● **EXTRACTED RECORDS**
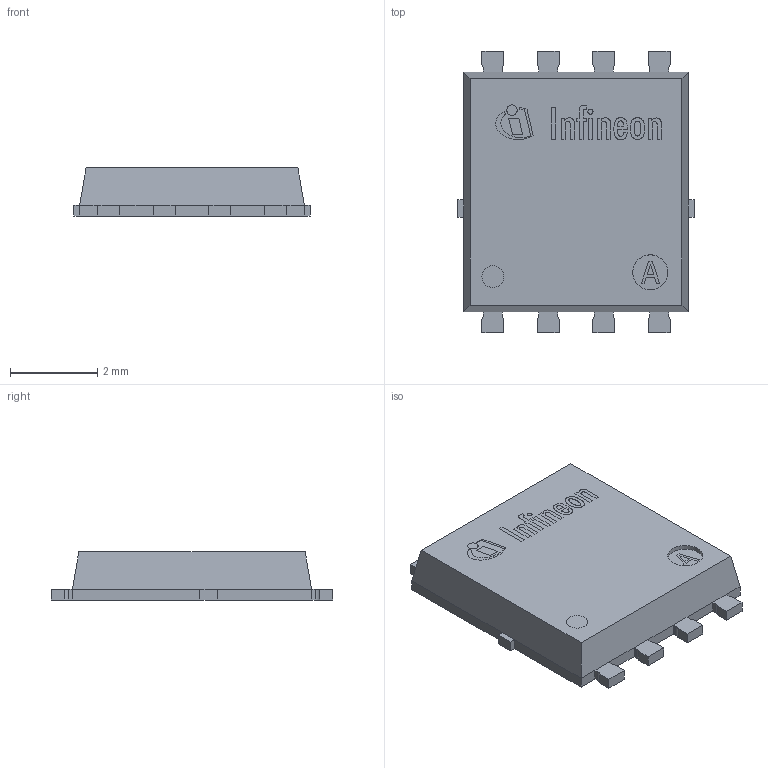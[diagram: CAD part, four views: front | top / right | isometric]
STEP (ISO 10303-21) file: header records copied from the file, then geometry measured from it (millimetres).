
FILE_DESCRIPTION(/* description */ (''),/* implementation_level */ '2;1');
FILE_NAME(/* name */ 'Infineon - PG-TDSON-8-34.step',/* time_stamp */ '2020-05-01T04:31:28+01:00',/* author */ (''),/* organization */ (''),/* preprocessor_version */ 'ST-DEVELOPER v18.1',/* originating_system */ 'Autodesk Translation Framework v9.2.0.1227',/* authorisation */ '');
FILE_SCHEMA (('AUTOMOTIVE_DESIGN { 1 0 10303 214 3 1 1 }'));
Length unit declared in the file: millimetre
Products named in the file (1): Infineon - PG-TDSON-8-34
Bounding box: 5.41 x 6.44 x 1.1 mm (x, y, z)
Volume: 30.2 mm3; surface area: 82.8 mm2
Topology: 1 solids, 1 shells, 398 faces, 1090 edges, 712 vertices
Faces by surface type: plane 227, cylinder 171
Full cylindrical faces by diameter (mm): 0.116 x1, 0.24 x1, 0.5 x1, 0.8 x1
Entity records: 12771 total; most frequent: DIRECTION 2230, CARTESIAN_POINT 2201, ORIENTED_EDGE 2180, EDGE_CURVE 1090, LINE 748, VECTOR 748, AXIS2_PLACEMENT_3D 741, VERTEX_POINT 712

● **EXERCISE OBJECTIVE**
Out of the data above, set down the lines from the one with "FILE_NAME(/* name */" to the one with "Faces by surface", both included, exactly as written and with no additions.

● **ANSWER BOX**
FILE_NAME(/* name */ 'Infineon - PG-TDSON-8-34.step',/* time_stamp */ '2020-05-01T04:31:28+01:00',/* author */ (''),/* organization */ (''),/* preprocessor_version */ 'ST-DEVELOPER v18.1',/* originating_system */ 'Autodesk Translation Framework v9.2.0.1227',/* authorisation */ '');
FILE_SCHEMA (('AUTOMOTIVE_DESIGN { 1 0 10303 214 3 1 1 }'));
Length unit declared in the file: millimetre
Products named in the file (1): Infineon - PG-TDSON-8-34
Bounding box: 5.41 x 6.44 x 1.1 mm (x, y, z)
Volume: 30.2 mm3; surface area: 82.8 mm2
Topology: 1 solids, 1 shells, 398 faces, 1090 edges, 712 vertices
Faces by surface type: plane 227, cylinder 171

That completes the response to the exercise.